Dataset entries
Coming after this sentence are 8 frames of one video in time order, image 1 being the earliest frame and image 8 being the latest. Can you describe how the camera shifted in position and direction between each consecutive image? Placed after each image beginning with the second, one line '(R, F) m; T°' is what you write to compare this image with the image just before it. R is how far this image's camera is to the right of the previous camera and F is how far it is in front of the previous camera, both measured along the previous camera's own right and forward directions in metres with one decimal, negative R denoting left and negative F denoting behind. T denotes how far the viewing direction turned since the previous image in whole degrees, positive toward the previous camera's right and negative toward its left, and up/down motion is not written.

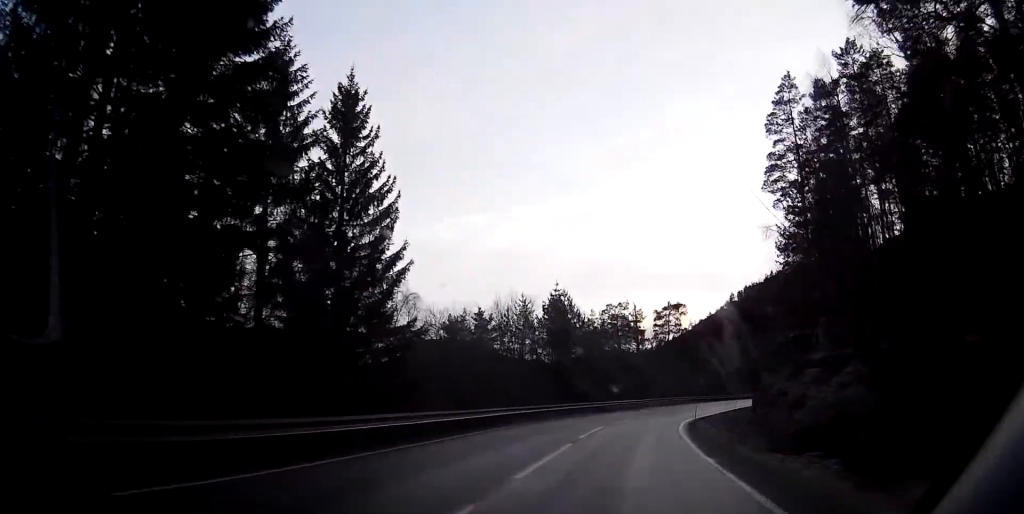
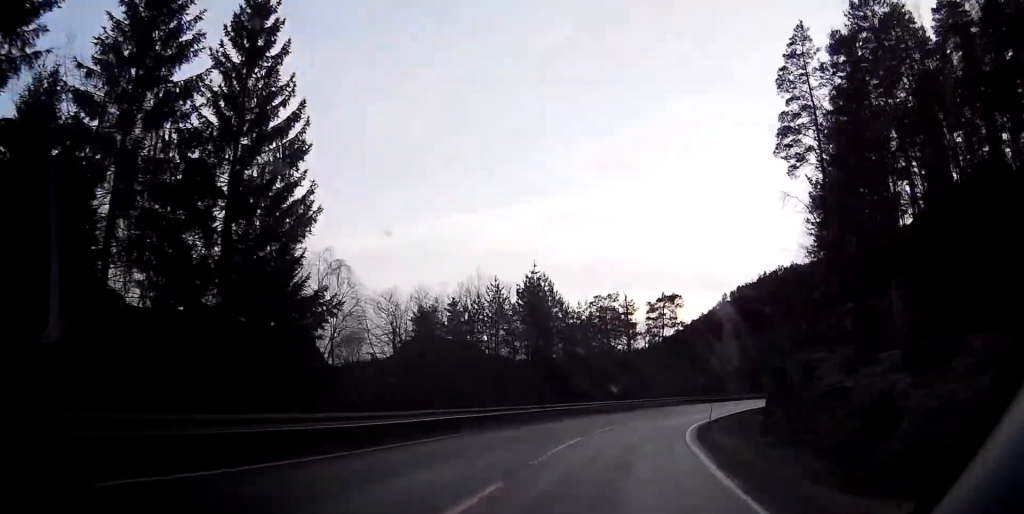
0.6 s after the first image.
(+0.2, +9.3) m; +2°
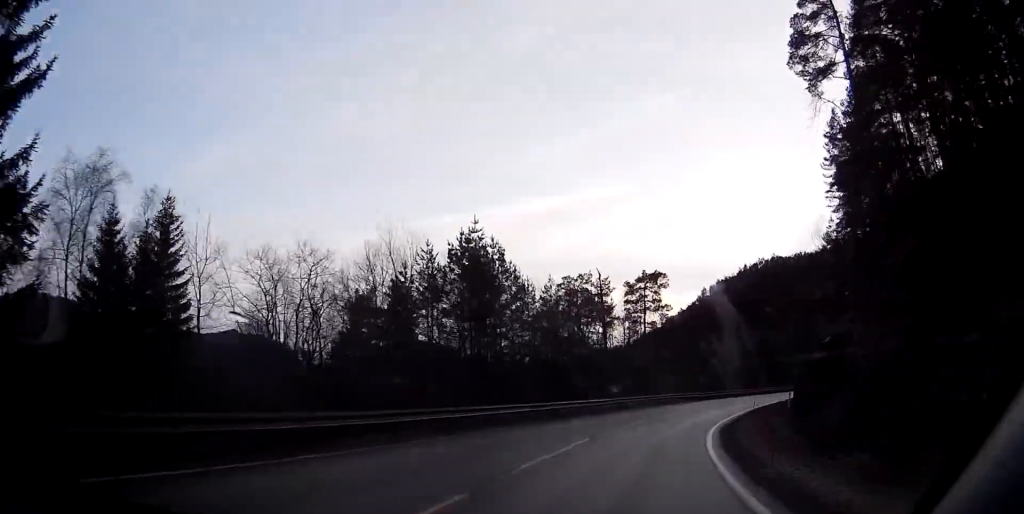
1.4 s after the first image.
(+0.2, +13.9) m; +3°
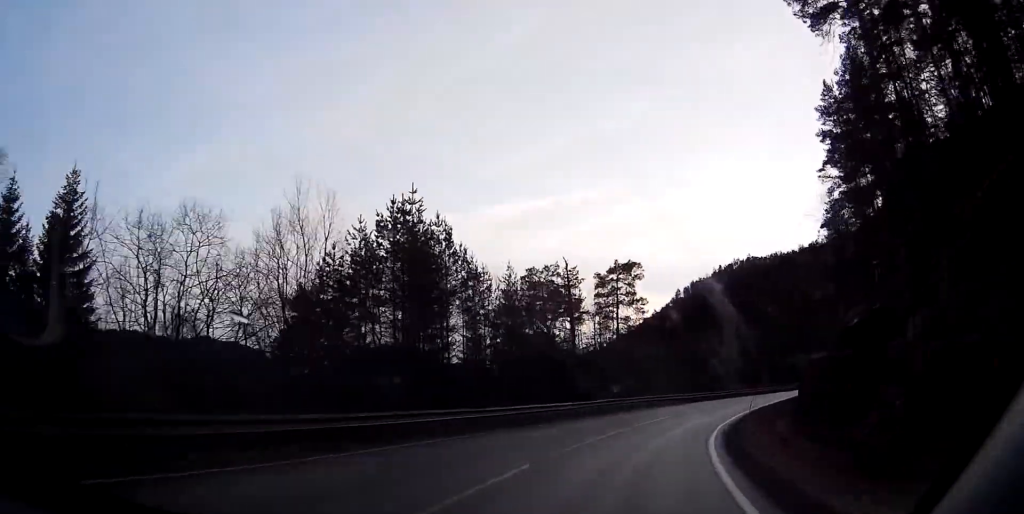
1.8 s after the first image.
(+0.1, +7.3) m; +3°
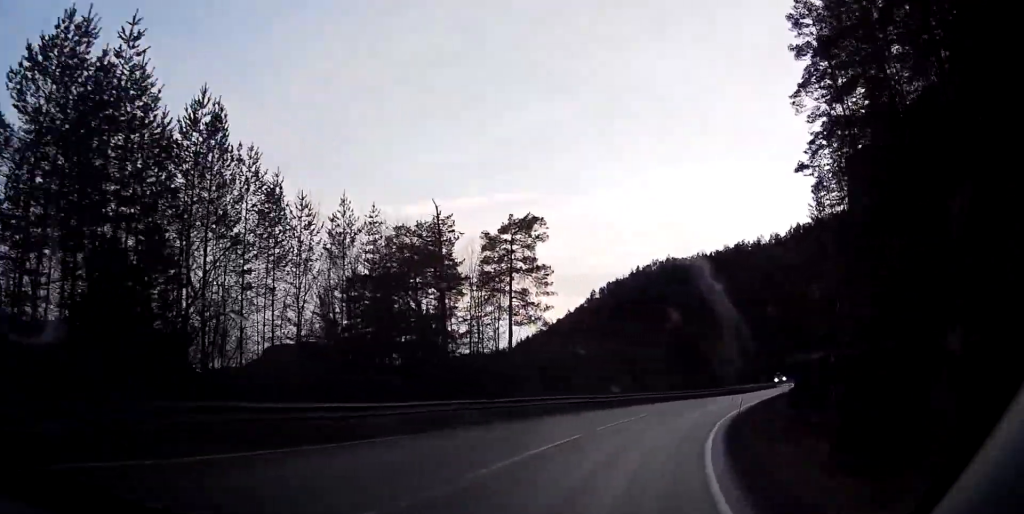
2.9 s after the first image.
(+1.3, +18.1) m; +9°
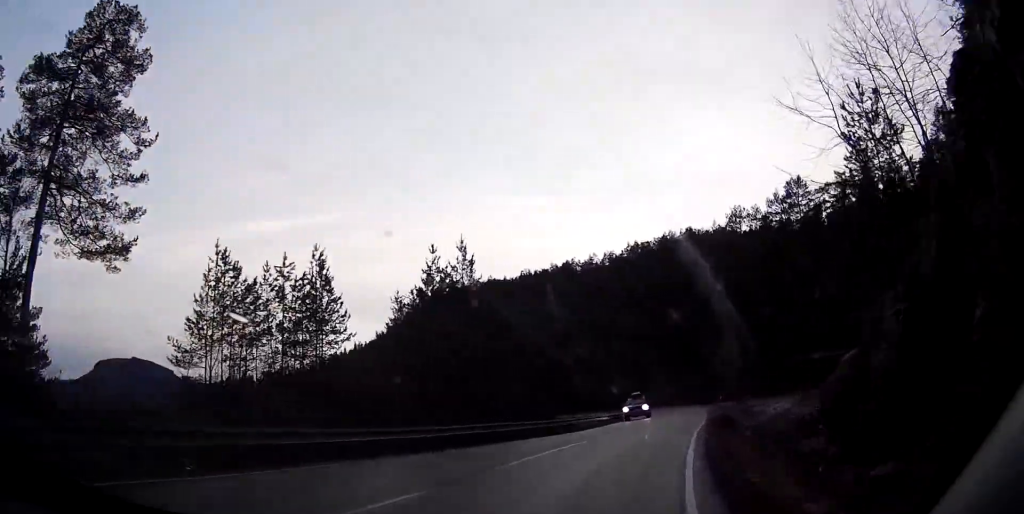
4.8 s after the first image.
(+2.4, +32.5) m; +5°
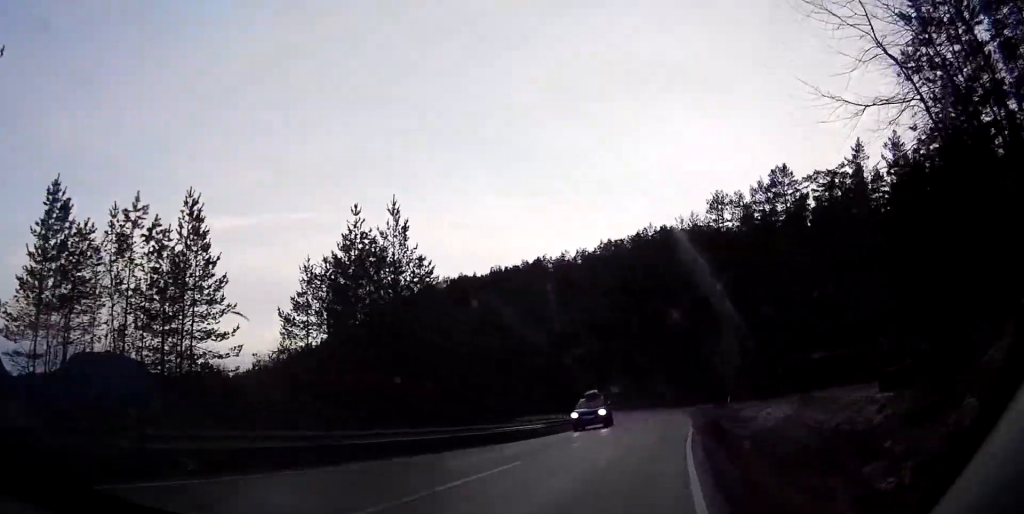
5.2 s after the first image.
(+0.1, +7.2) m; +1°
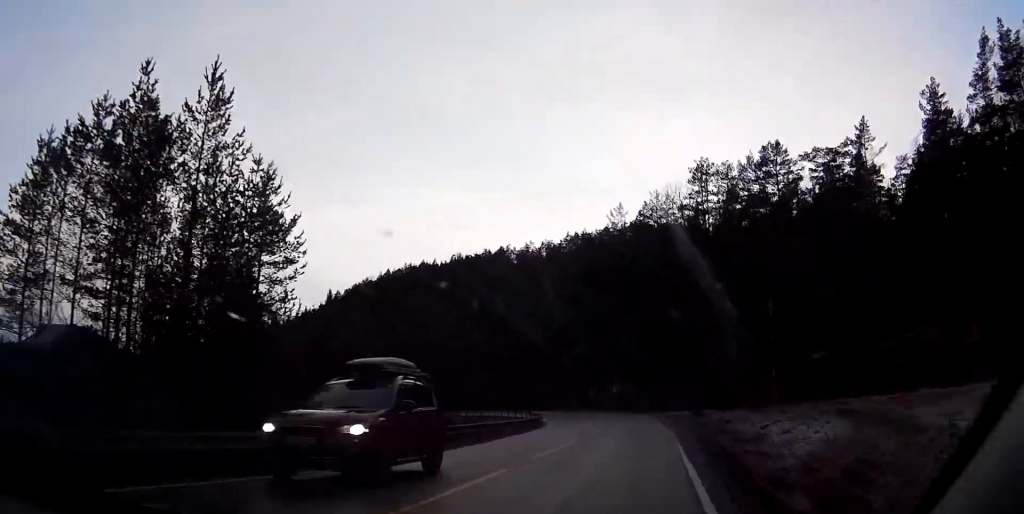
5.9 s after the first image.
(+0.2, +13.1) m; +2°

▸ **YOUR TASK**
A word-for-word repeat is expected of the lines from the one with "1.8 s after the first image." to the end of the data, both included; pictures are not part of it.

▸ **SOLUTION TO THIS EXERCISE**
1.8 s after the first image.
(+0.1, +7.3) m; +3°
2.9 s after the first image.
(+1.3, +18.1) m; +9°
4.8 s after the first image.
(+2.4, +32.5) m; +5°
5.2 s after the first image.
(+0.1, +7.2) m; +1°
5.9 s after the first image.
(+0.2, +13.1) m; +2°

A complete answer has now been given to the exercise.